I looked at the OCS Event Log on the Front-End server showed a whole bunch of new error messages that had not been there before, describing lots of MCU errors, which would explain the failure to join additional parties. Details on the error messages can be found in this TechNet blog.
Turns out that the new certificate was (partially) to blame as it’s Issuing CA’s certificate is not configured by default in Windows Server in a way that is supported by OCS. By checking the new certificate’s path we see that the Equifax Secure Certificate Authority is the issuer used by the RapidSSL free certificate:
By locating that certificate in the Third-Party Root Certification AuthoritiesCertificates folder in the Local Computer store and viewing the properties we can see that by default the certificate is only enable for a specific sub-set of purposes.
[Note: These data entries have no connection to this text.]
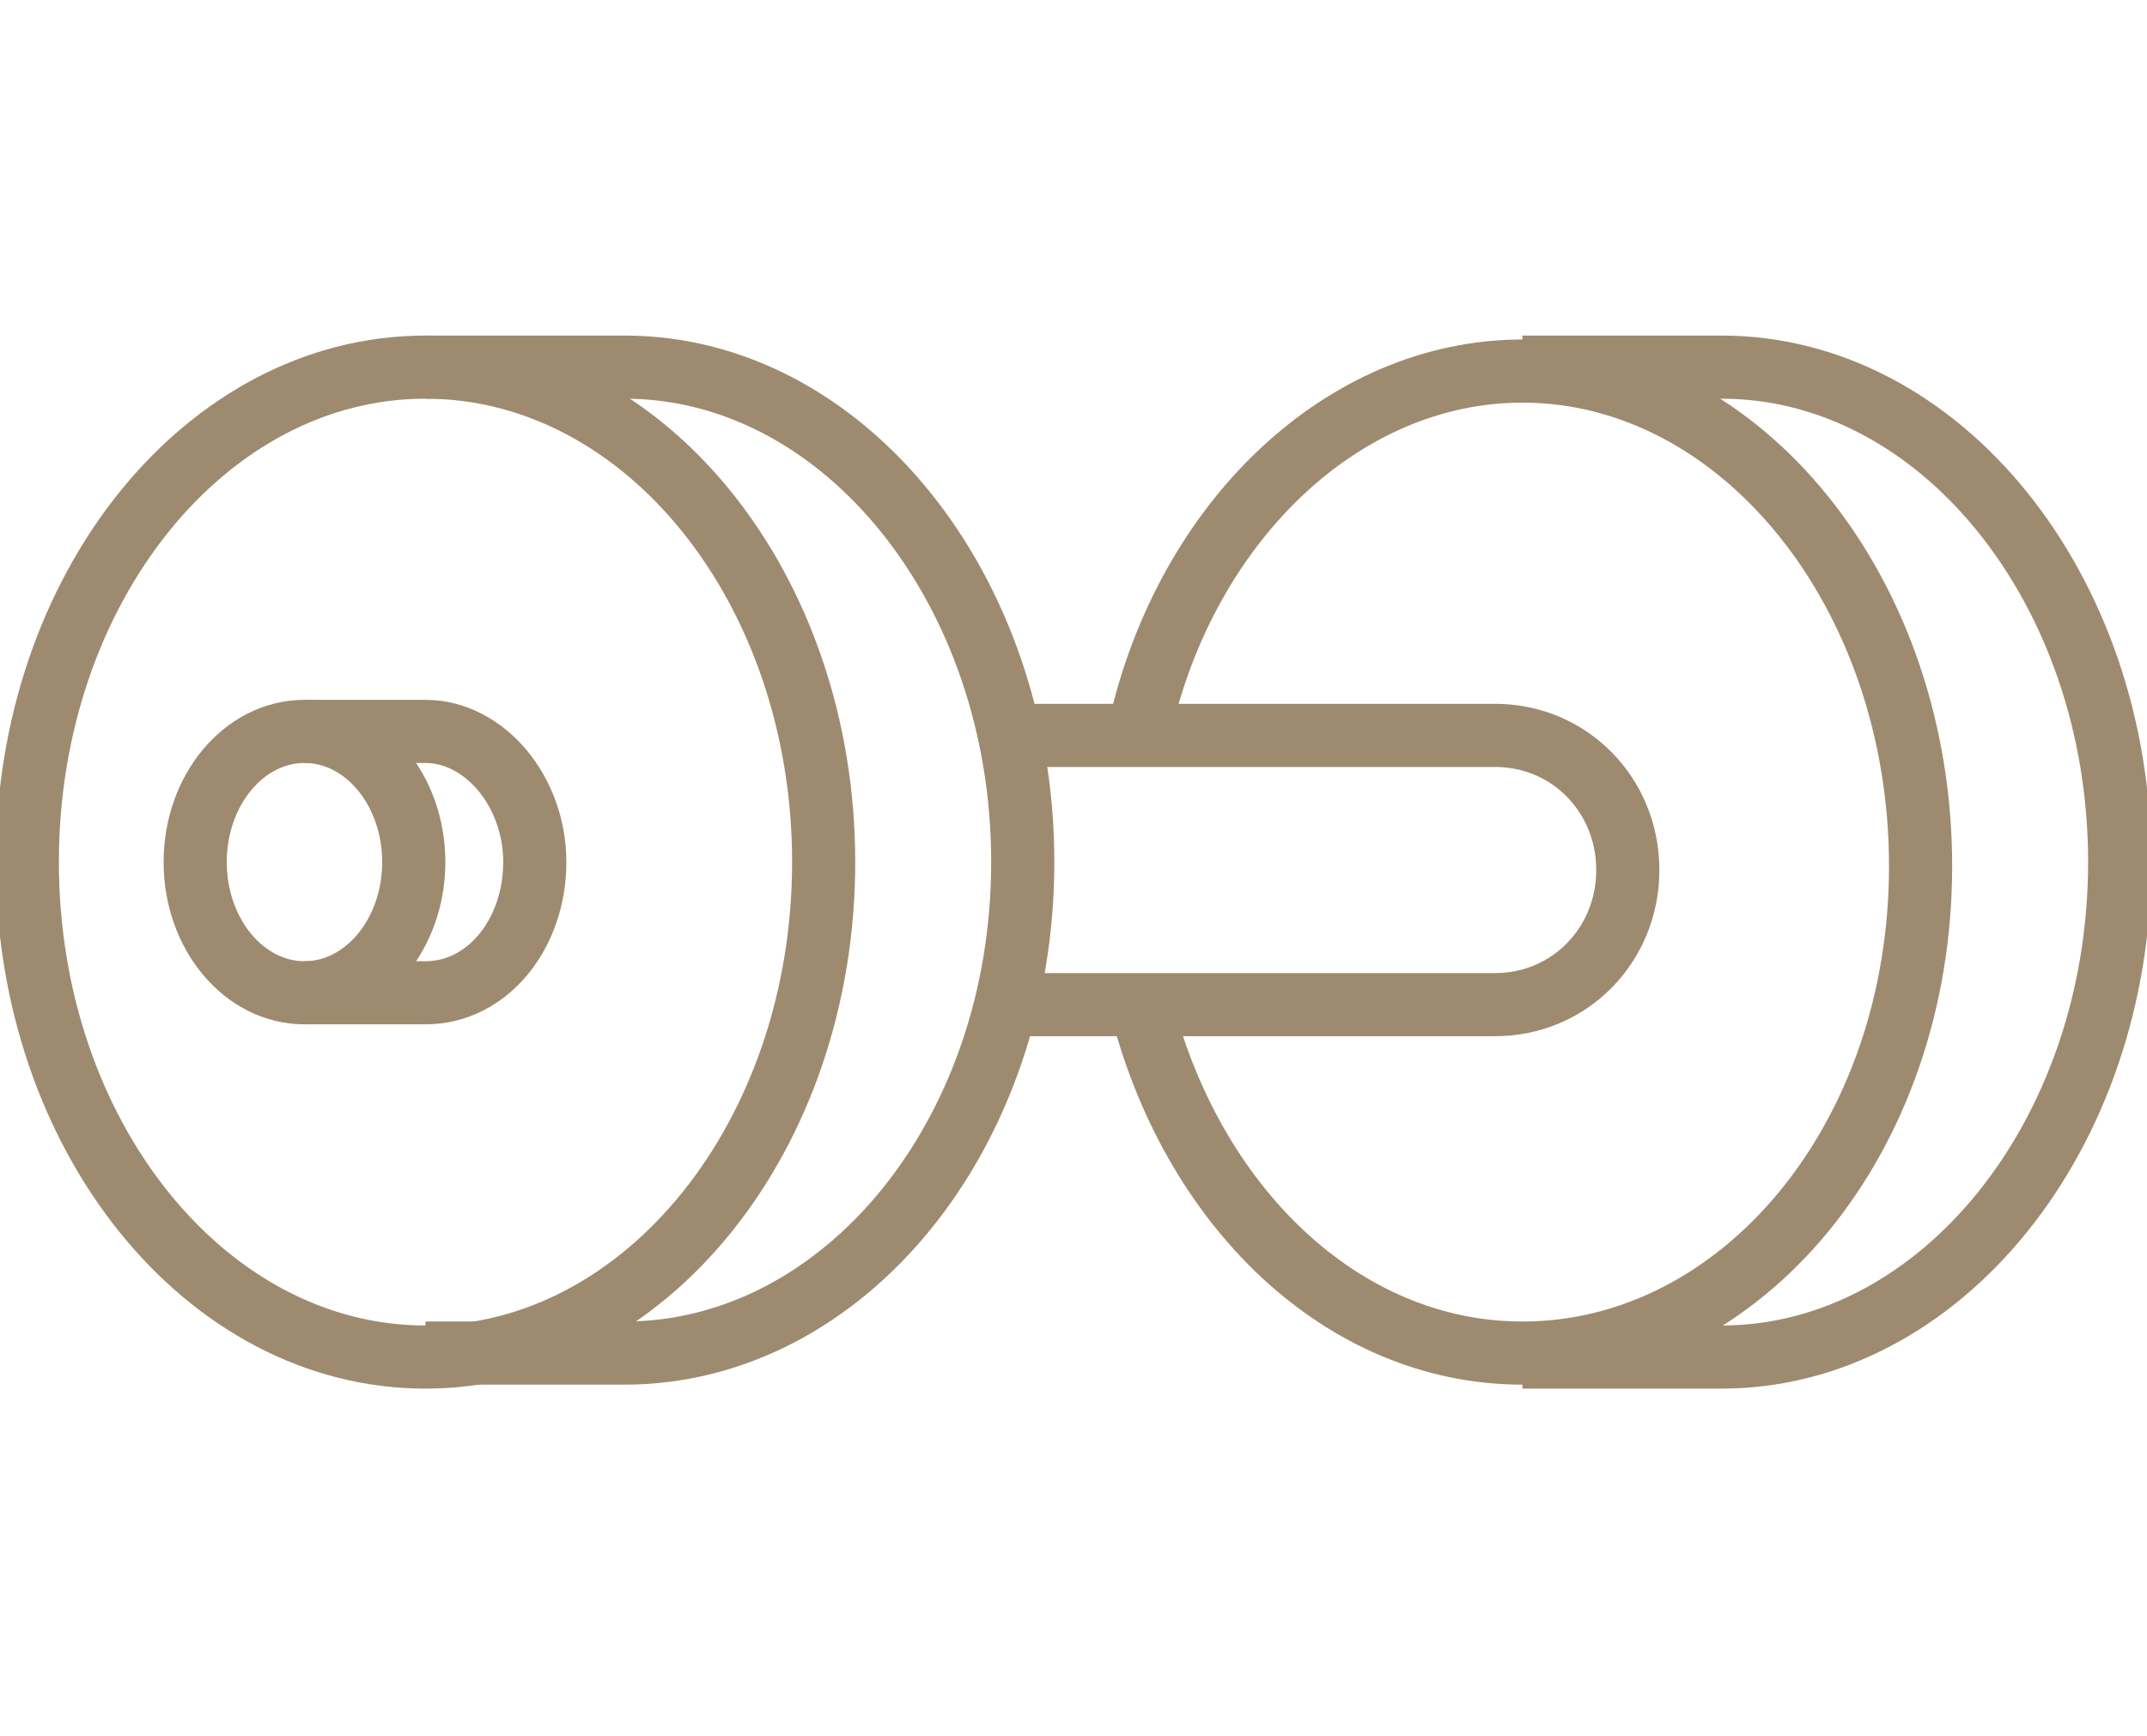 <svg width="68" height="55" viewBox="0 0 68 55" fill="none" xmlns="http://www.w3.org/2000/svg">
<g clip-path="url(#clip0_293_163)">
<path d="M32.145 23.298H47.353C49.702 23.298 51.556 25.179 51.556 27.563C51.556 29.946 49.702 31.828 47.353 31.828H32.145" stroke="#9E8B6F" stroke-width="2" stroke-miterlimit="10" stroke-linejoin="round"/>
<path d="M9.644 31.452C11.556 31.452 13.105 29.598 13.105 27.312C13.105 25.026 11.556 23.172 9.644 23.172C7.732 23.172 6.182 25.026 6.182 27.312C6.182 29.598 7.732 31.452 9.644 31.452Z" stroke="#9E8B6F" stroke-width="2" stroke-miterlimit="10" stroke-linejoin="round"/>
<path d="M9.644 23.172H13.476C15.331 23.172 16.938 25.054 16.938 27.312C16.938 29.57 15.454 31.452 13.476 31.452H9.644" stroke="#9E8B6F" stroke-width="2" stroke-miterlimit="10" stroke-linejoin="round"/>
<path d="M13.476 42.993C20.441 42.993 26.087 35.972 26.087 27.312C26.087 18.651 20.441 11.631 13.476 11.631C6.512 11.631 0.865 18.651 0.865 27.312C0.865 35.972 6.512 42.993 13.476 42.993Z" stroke="#9E8B6F" stroke-width="2" stroke-miterlimit="10" stroke-linejoin="round"/>
<path d="M13.476 11.631H19.782C26.705 11.631 32.393 18.656 32.393 27.312C32.393 35.968 26.705 42.867 19.782 42.867H13.476" stroke="#9E8B6F" stroke-width="2" stroke-miterlimit="10" stroke-linejoin="round"/>
<path d="M36.102 23.047C37.585 16.523 42.531 11.756 48.218 11.756C55.142 11.756 60.829 18.781 60.829 27.437C60.829 36.093 55.142 42.867 48.218 42.867C42.531 42.867 37.709 38.226 36.102 31.703" stroke="#9E8B6F" stroke-width="2" stroke-miterlimit="10" stroke-linejoin="round"/>
<path d="M48.218 11.631H54.524C61.447 11.631 67.135 18.656 67.135 27.312C67.135 35.968 61.447 42.993 54.524 42.993H48.218" stroke="#9E8B6F" stroke-width="2" stroke-miterlimit="10" stroke-linejoin="round"/>
</g>
<defs>
<clipPath id="clip0_293_163">
<rect width="68" height="35" fill="white" transform="translate(0 10)"/>
</clipPath>
</defs>
</svg>

To resolve the MCU errors in OCS it needed to be enabled for all purposes.
Once that change was made and the services are restarted, the MCU event log errors stopped appearing and all parties were all to join Dial-In Audio Conferences regardless of where and how they connected to the service. This proved that the previous certificate was the culprit and that the higher level of encryption on the signature was causing the validation problems.
Microsoft is currently looking into this and have successfully reproduced the issue in a lab. Once their debugging is completed I’ll update this blog posting with details on whether a hotfix or KB article is released in response.
Update
I’ve received word back from Microsoft that the issue has been fully replicated and tested in both Standard and Enterprise Edition, and certificates issued with a Signature Algorithm of MD5 or SHA2 cannot be supported for OCS R2. Only certificates using SHA1 with up to a 4096 bit key length will operate correctly. Support for SHA2 and MD5 is being considered for the next release of OCS.